ACTIVITY:
Below is a listing with pictures in it. Copy it exactly without them.

INPUT DATA:
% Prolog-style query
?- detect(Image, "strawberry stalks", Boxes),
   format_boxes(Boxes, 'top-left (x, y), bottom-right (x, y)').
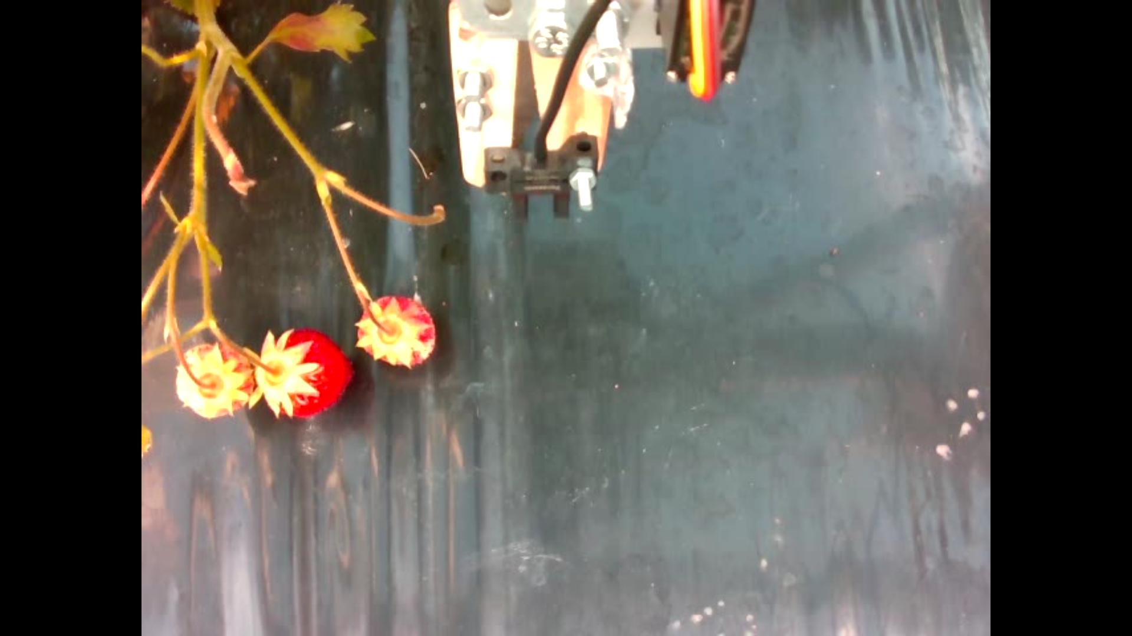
top-left (343, 275), bottom-right (395, 339)
top-left (223, 335), bottom-right (280, 375)
top-left (169, 329), bottom-right (202, 384)
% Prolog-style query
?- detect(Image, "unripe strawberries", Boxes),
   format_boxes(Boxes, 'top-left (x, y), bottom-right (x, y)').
top-left (349, 294), bottom-right (437, 370)
top-left (177, 347), bottom-right (256, 420)
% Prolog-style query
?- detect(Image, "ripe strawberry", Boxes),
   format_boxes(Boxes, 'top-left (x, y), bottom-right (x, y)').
top-left (260, 329), bottom-right (352, 423)
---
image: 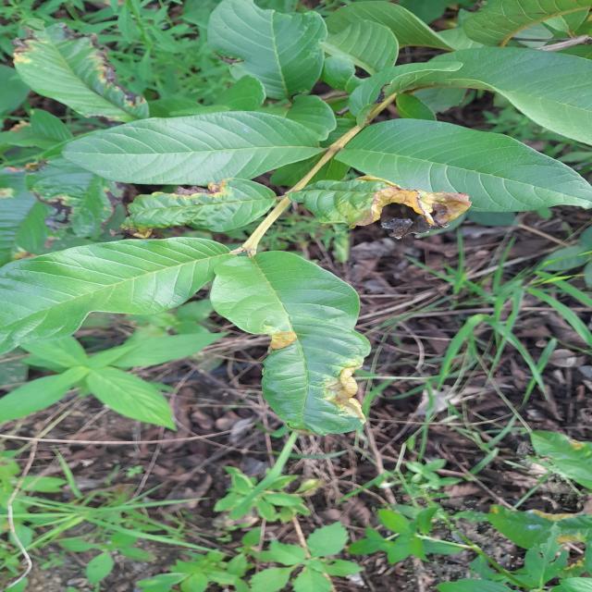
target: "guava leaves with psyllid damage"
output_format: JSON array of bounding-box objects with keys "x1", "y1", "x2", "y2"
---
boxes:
[
  {"x1": 285, "y1": 167, "x2": 497, "y2": 236},
  {"x1": 198, "y1": 248, "x2": 398, "y2": 443}
]

WRITTEN REPLY:
% Prolog-style query
?- detect(Image, "strawberry stalks", Boxes),
   format_boxes(Boxes, 'top-left (x, y), bottom-right (x, y)').
top-left (343, 275), bottom-right (395, 339)
top-left (223, 335), bottom-right (280, 375)
top-left (169, 329), bottom-right (202, 384)
% Prolog-style query
?- detect(Image, "unripe strawberries", Boxes),
   format_boxes(Boxes, 'top-left (x, y), bottom-right (x, y)').
top-left (349, 294), bottom-right (437, 370)
top-left (177, 347), bottom-right (256, 420)
% Prolog-style query
?- detect(Image, "ripe strawberry", Boxes),
   format_boxes(Boxes, 'top-left (x, y), bottom-right (x, y)').
top-left (260, 329), bottom-right (352, 423)
---
image: 
target: "guava leaves with psyllid damage"
output_format: JSON array of bounding-box objects with keys "x1", "y1", "x2", "y2"
---
boxes:
[
  {"x1": 285, "y1": 167, "x2": 497, "y2": 236},
  {"x1": 198, "y1": 248, "x2": 398, "y2": 443}
]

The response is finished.